#### Task inputs ####

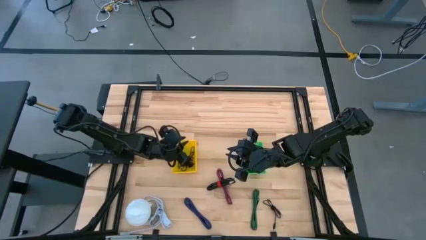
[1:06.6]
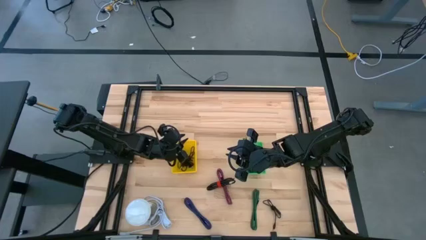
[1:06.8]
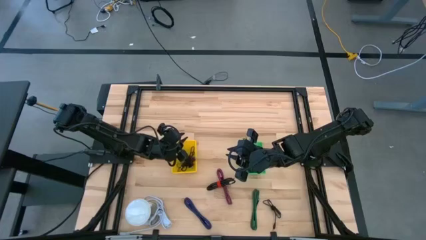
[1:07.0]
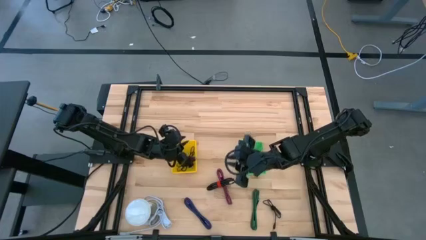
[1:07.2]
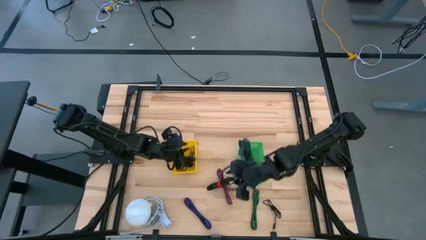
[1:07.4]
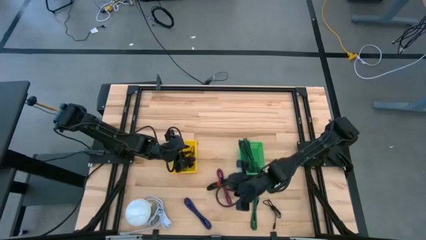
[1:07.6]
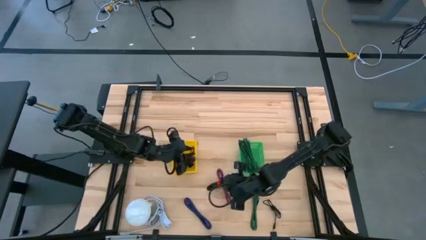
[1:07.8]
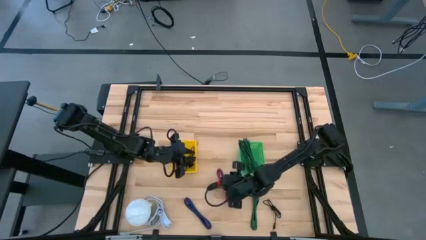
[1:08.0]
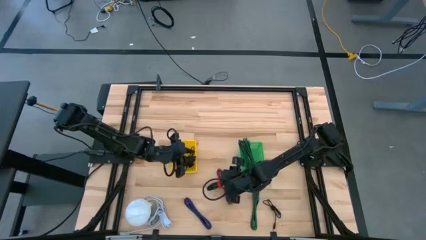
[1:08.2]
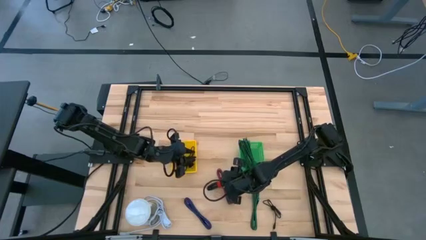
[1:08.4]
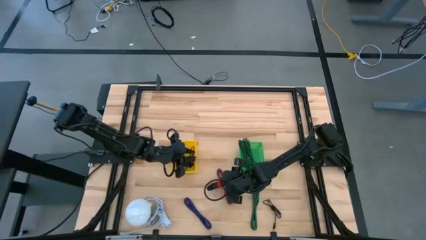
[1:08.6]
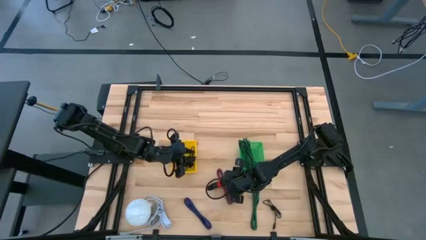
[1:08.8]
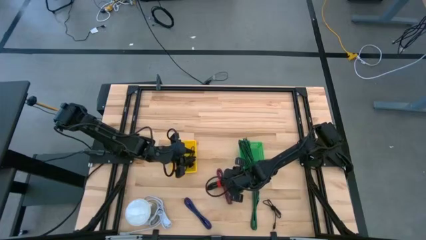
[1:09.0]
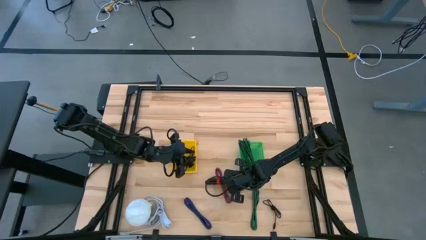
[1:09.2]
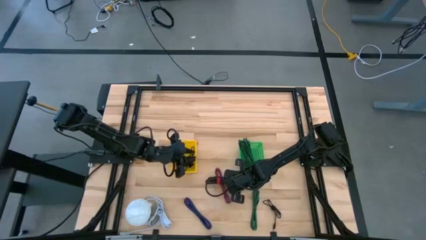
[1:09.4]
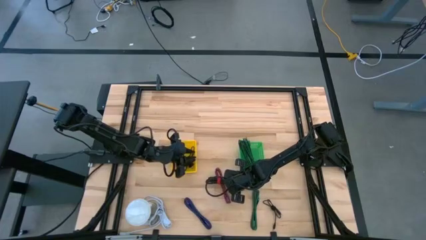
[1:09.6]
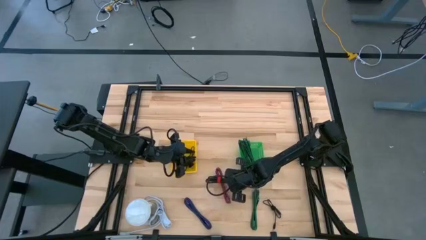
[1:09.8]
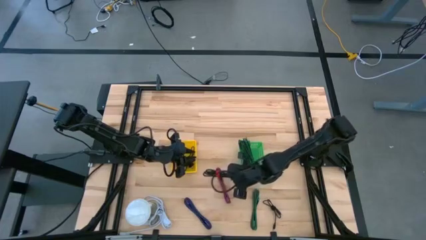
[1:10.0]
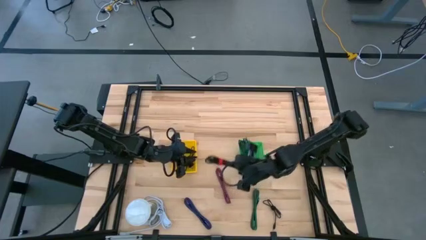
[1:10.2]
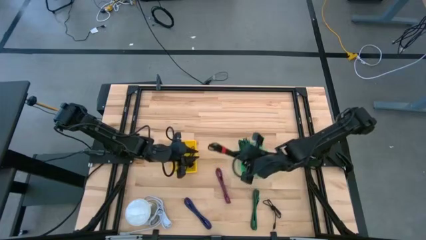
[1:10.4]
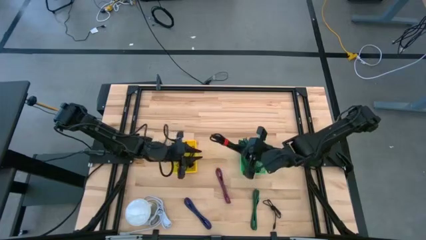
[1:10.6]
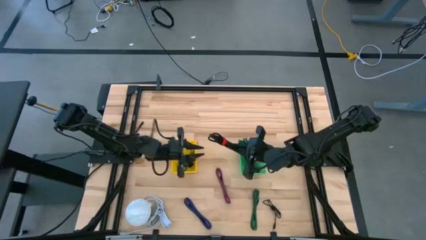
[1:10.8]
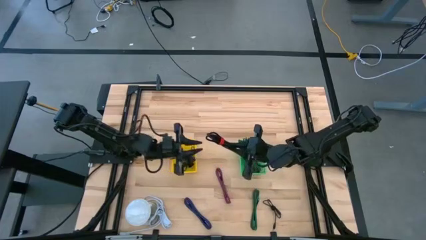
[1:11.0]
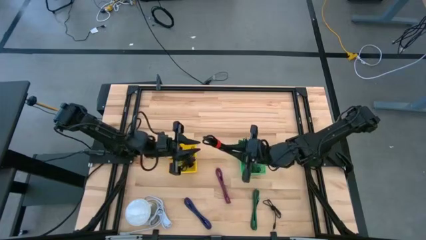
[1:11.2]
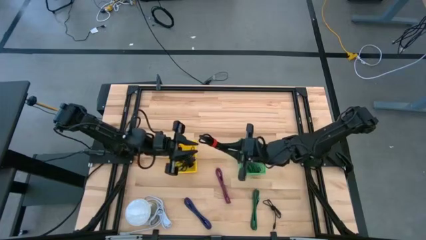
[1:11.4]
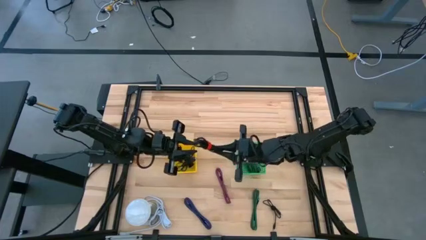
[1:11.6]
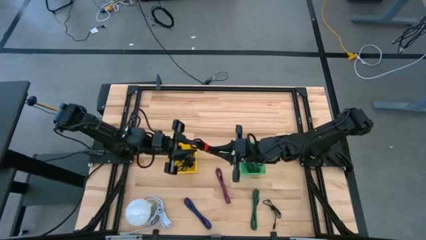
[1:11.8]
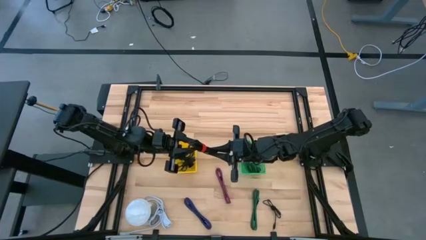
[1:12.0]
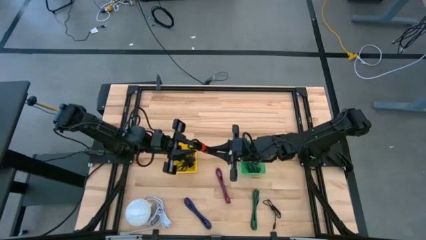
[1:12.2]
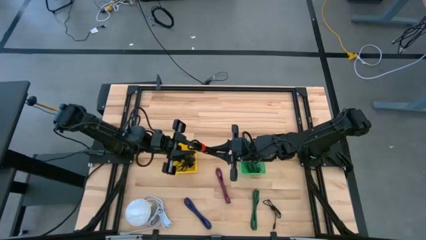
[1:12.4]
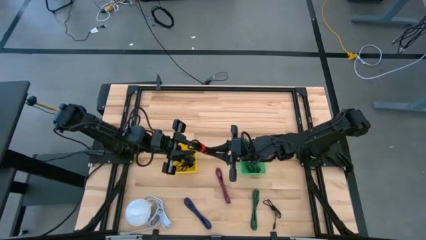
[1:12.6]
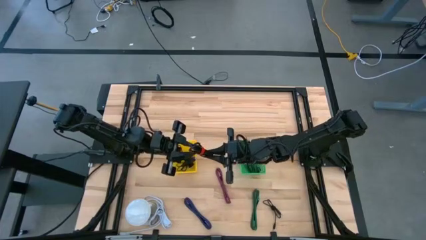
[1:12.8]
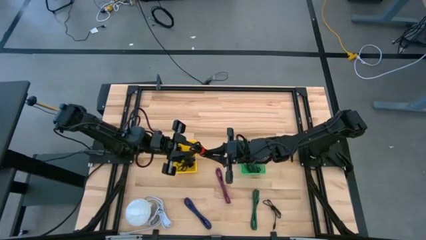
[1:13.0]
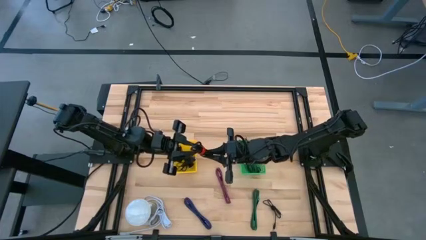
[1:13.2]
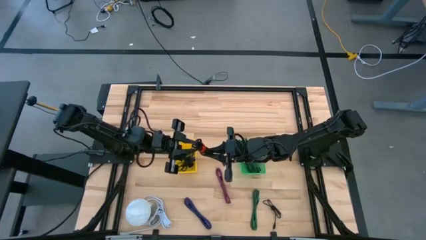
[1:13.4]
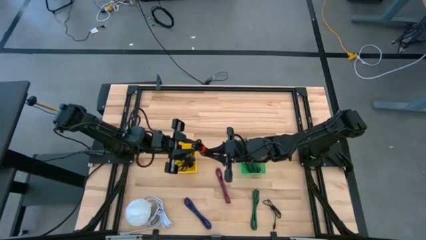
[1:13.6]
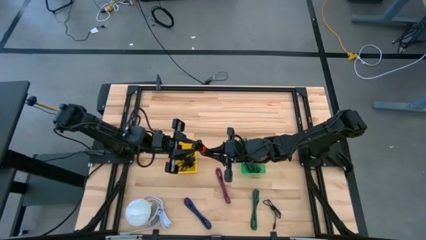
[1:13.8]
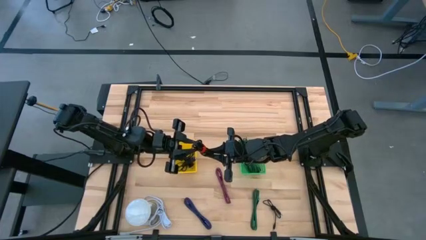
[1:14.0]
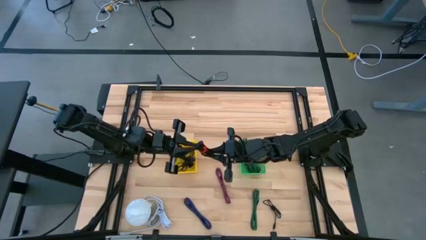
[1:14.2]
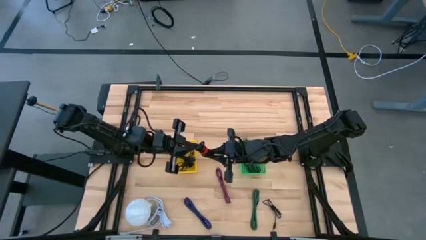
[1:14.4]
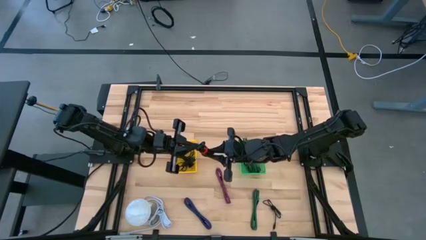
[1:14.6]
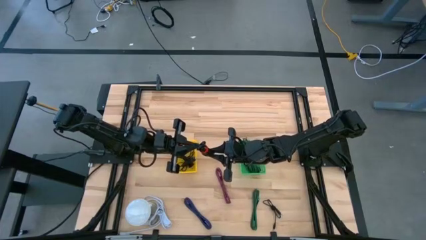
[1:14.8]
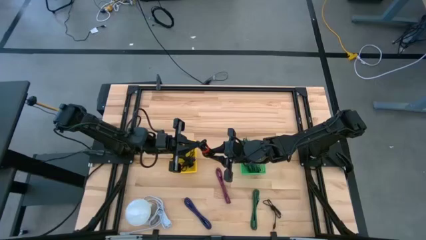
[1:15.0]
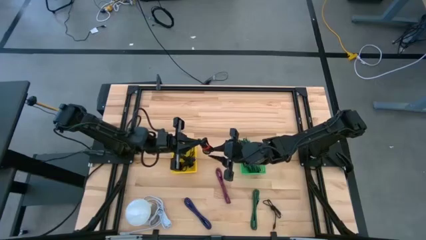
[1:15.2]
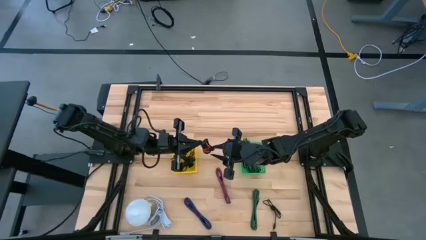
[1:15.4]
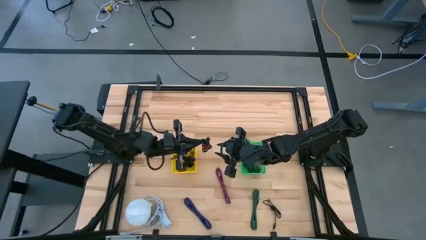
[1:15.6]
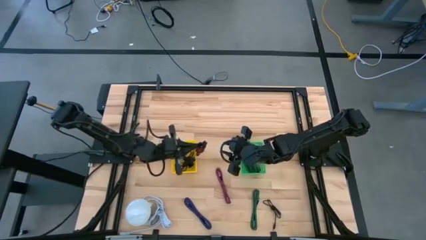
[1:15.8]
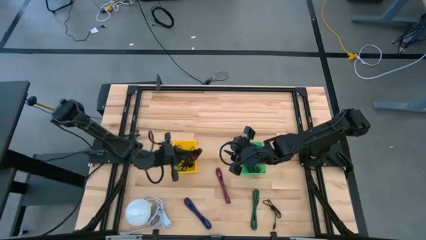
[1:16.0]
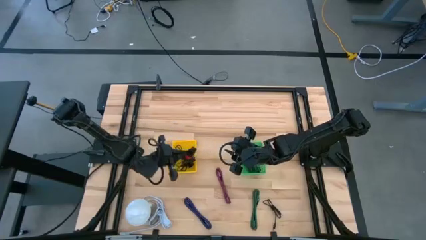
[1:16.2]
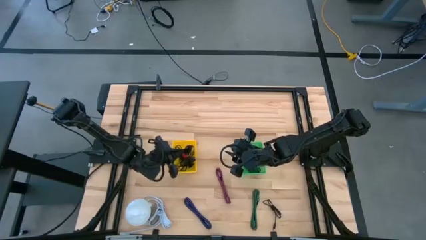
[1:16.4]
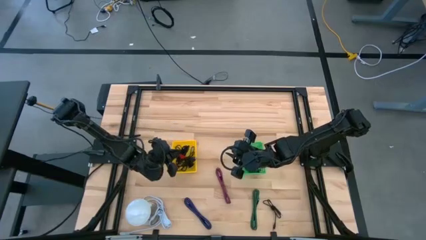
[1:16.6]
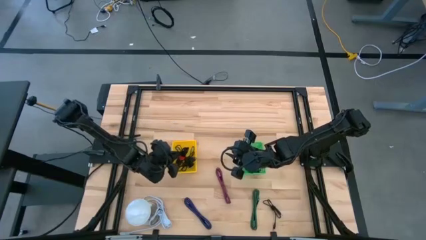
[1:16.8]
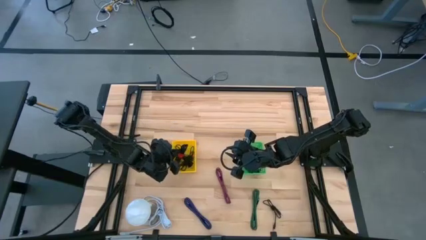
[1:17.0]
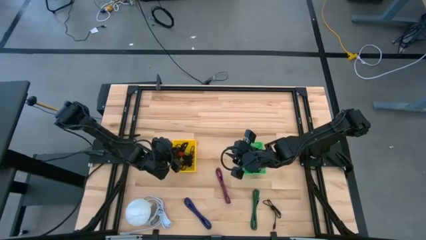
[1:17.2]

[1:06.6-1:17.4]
Task: Pick & Place USB Port
Put the black charger cable into the yellow bin

####

Exercise details:
Write the entries above out again exactly, but not the pictures.

Result of this exercise:
[1:06.6]
[1:06.8]
[1:07.0]
[1:07.2]
[1:07.4]
[1:07.6]
[1:07.8]
[1:08.0]
[1:08.2]
[1:08.4]
[1:08.6]
[1:08.8]
[1:09.0]
[1:09.2]
[1:09.4]
[1:09.6]
[1:09.8]
[1:10.0]
[1:10.2]
[1:10.4]
[1:10.6]
[1:10.8]
[1:11.0]
[1:11.2]
[1:11.4]
[1:11.6]
[1:11.8]
[1:12.0]
[1:12.2]
[1:12.4]
[1:12.6]
[1:12.8]
[1:13.0]
[1:13.2]
[1:13.4]
[1:13.6]
[1:13.8]
[1:14.0]
[1:14.2]
[1:14.4]
[1:14.6]
[1:14.8]
[1:15.0]
[1:15.2]
[1:15.4]
[1:15.6]
[1:15.8]
[1:16.0]
[1:16.2]
[1:16.4]
[1:16.6]
[1:16.8]
[1:17.0]
[1:17.2]

[1:06.6-1:17.4]
Task: Pick & Place USB Port
Put the black charger cable into the yellow bin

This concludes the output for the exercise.